[Opening Supplied entries section]
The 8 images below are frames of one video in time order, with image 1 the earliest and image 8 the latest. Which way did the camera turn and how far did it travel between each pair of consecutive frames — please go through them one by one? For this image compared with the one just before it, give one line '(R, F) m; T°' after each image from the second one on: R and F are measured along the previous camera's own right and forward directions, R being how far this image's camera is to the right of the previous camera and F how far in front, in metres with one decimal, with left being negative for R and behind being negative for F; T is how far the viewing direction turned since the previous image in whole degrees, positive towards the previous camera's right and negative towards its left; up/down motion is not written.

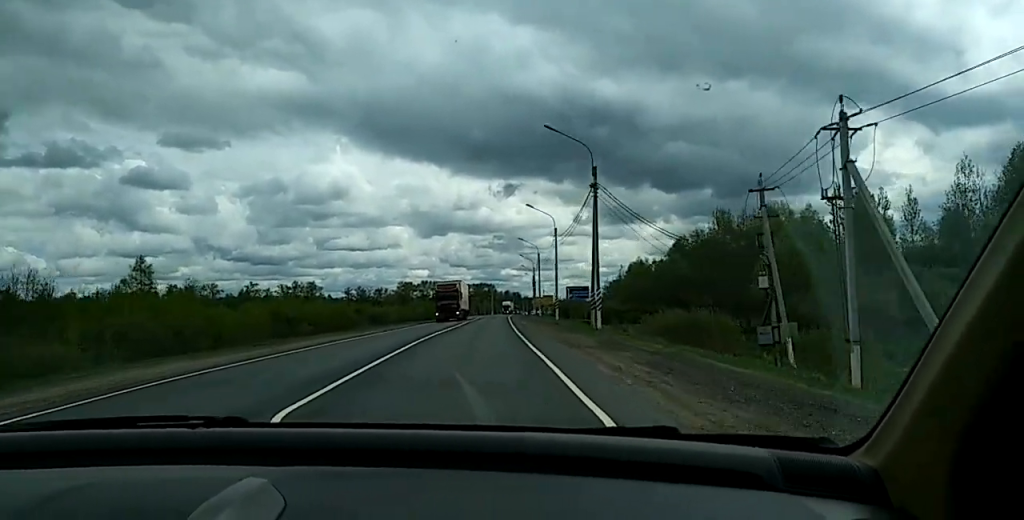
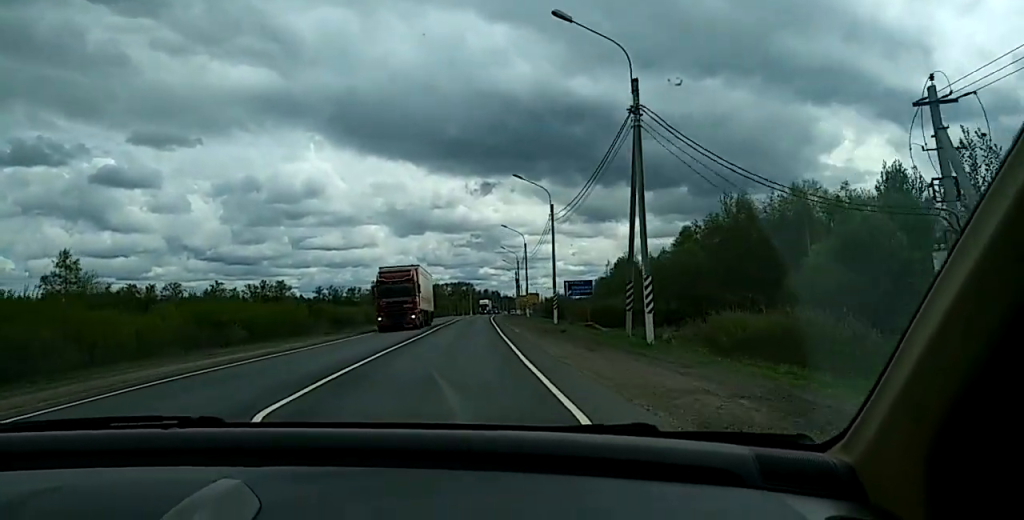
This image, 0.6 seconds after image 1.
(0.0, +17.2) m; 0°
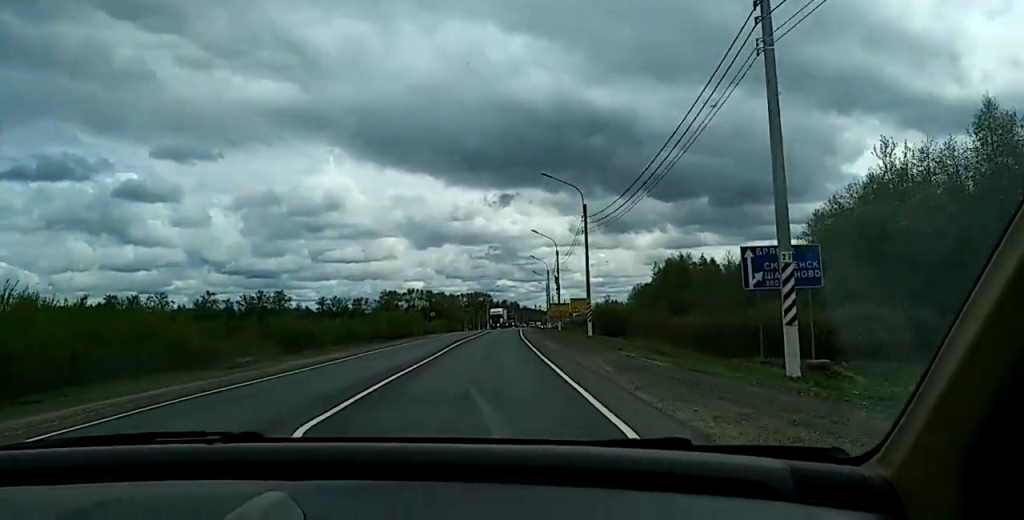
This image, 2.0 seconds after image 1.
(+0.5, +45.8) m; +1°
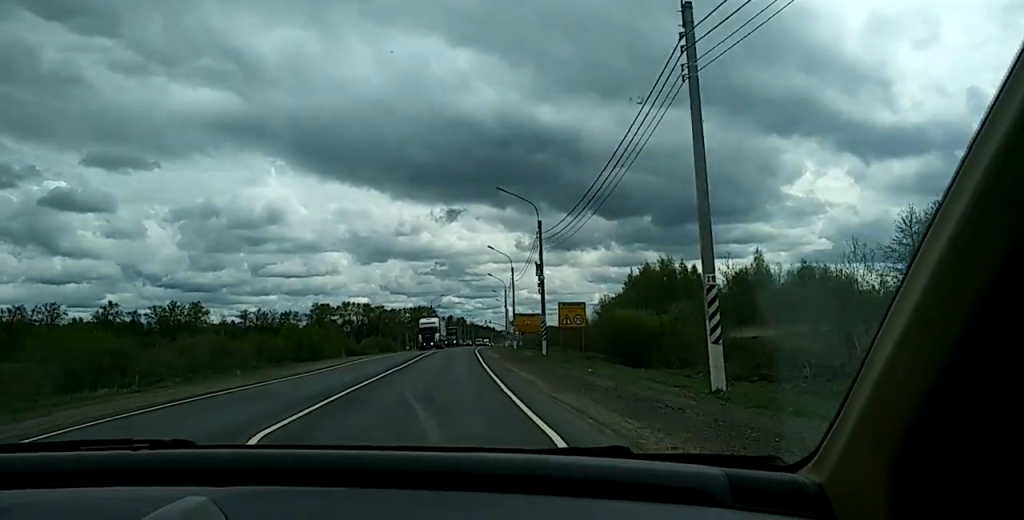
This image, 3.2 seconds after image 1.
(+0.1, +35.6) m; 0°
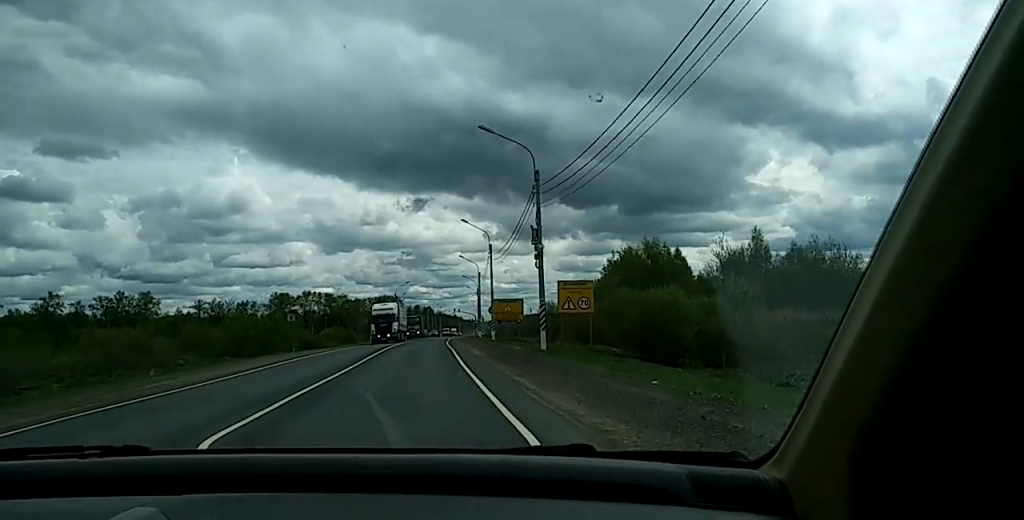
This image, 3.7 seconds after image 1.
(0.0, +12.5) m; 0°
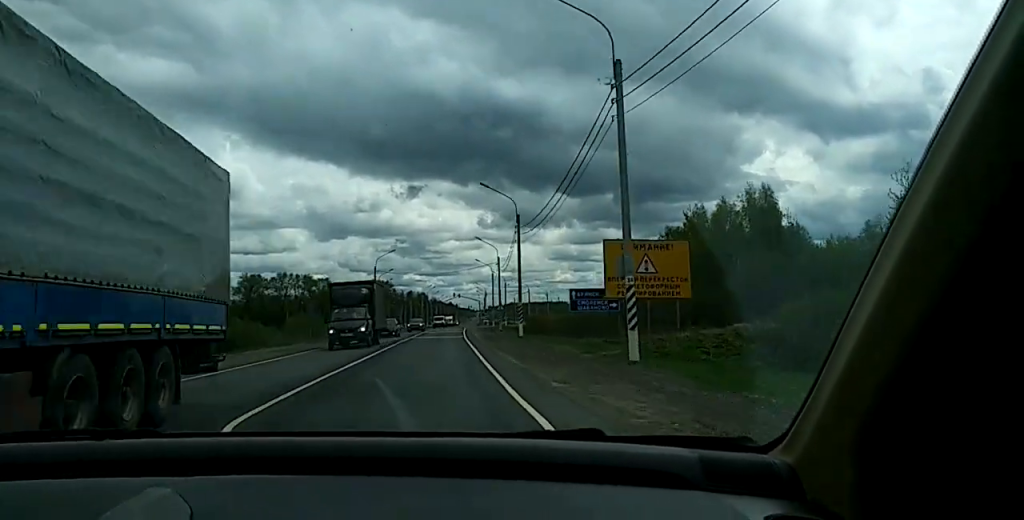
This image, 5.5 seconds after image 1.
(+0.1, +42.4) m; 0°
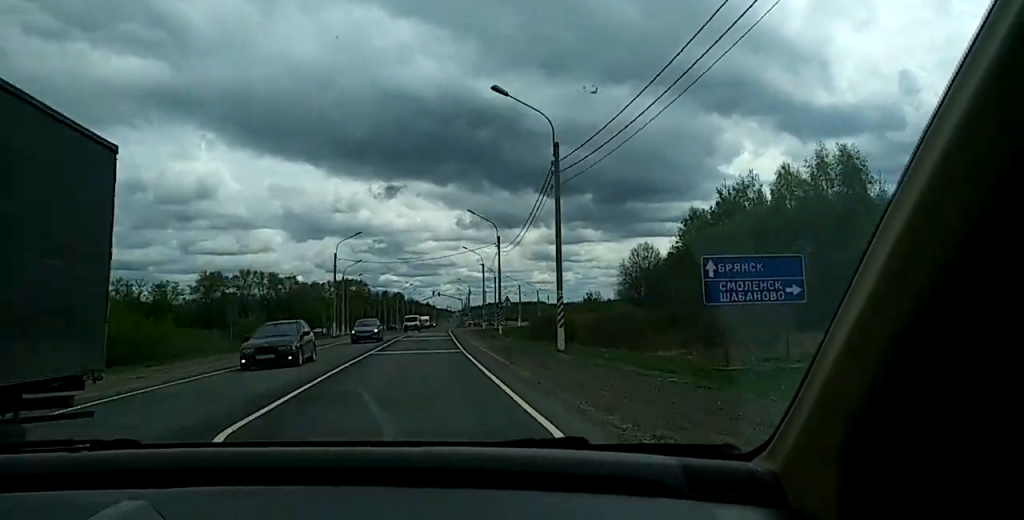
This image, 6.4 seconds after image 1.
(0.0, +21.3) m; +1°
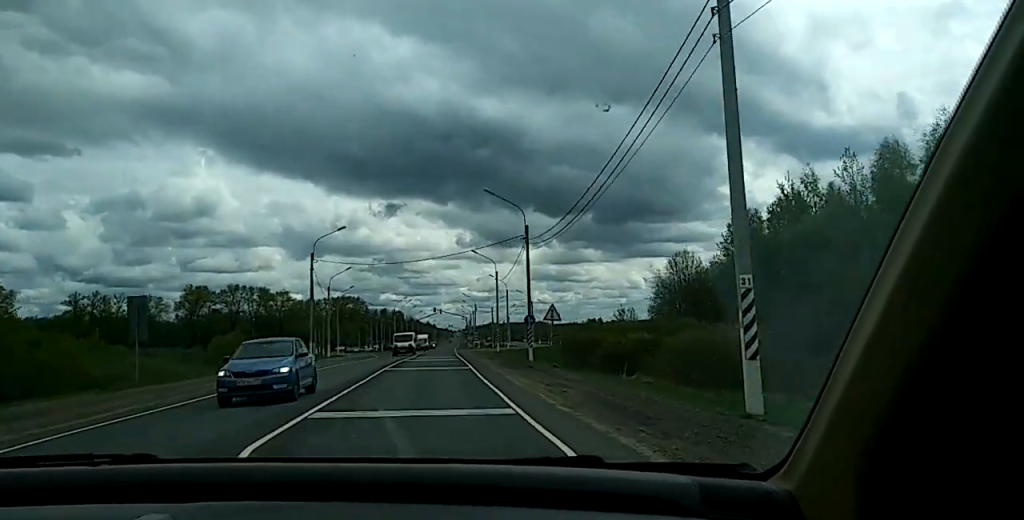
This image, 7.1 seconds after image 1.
[Closing Supplied entries section]
--- The problem ---
What is needed is a word-for-word copy of the data above, free of any images.

--- Answer box ---
The 8 images below are frames of one video in time order, with image 1 the earliest and image 8 the latest. Which way did the camera turn and how far did it travel between each pair of consecutive frames — please go through them one by one? For this image compared with the one just before it, give one line '(R, F) m; T°' after each image from the second one on: R and F are measured along the previous camera's own right and forward directions, R being how far this image's camera is to the right of the previous camera and F how far in front, in metres with one decimal, with left being negative for R and behind being negative for F; T is how far the viewing direction turned since the previous image in whole degrees, positive towards the previous camera's right and negative towards its left; up/down motion is not written.

This image, 0.6 seconds after image 1.
(0.0, +17.2) m; 0°
This image, 2.0 seconds after image 1.
(+0.5, +45.8) m; +1°
This image, 3.2 seconds after image 1.
(+0.1, +35.6) m; 0°
This image, 3.7 seconds after image 1.
(0.0, +12.5) m; 0°
This image, 5.5 seconds after image 1.
(+0.1, +42.4) m; 0°
This image, 6.4 seconds after image 1.
(0.0, +21.3) m; +1°
This image, 7.1 seconds after image 1.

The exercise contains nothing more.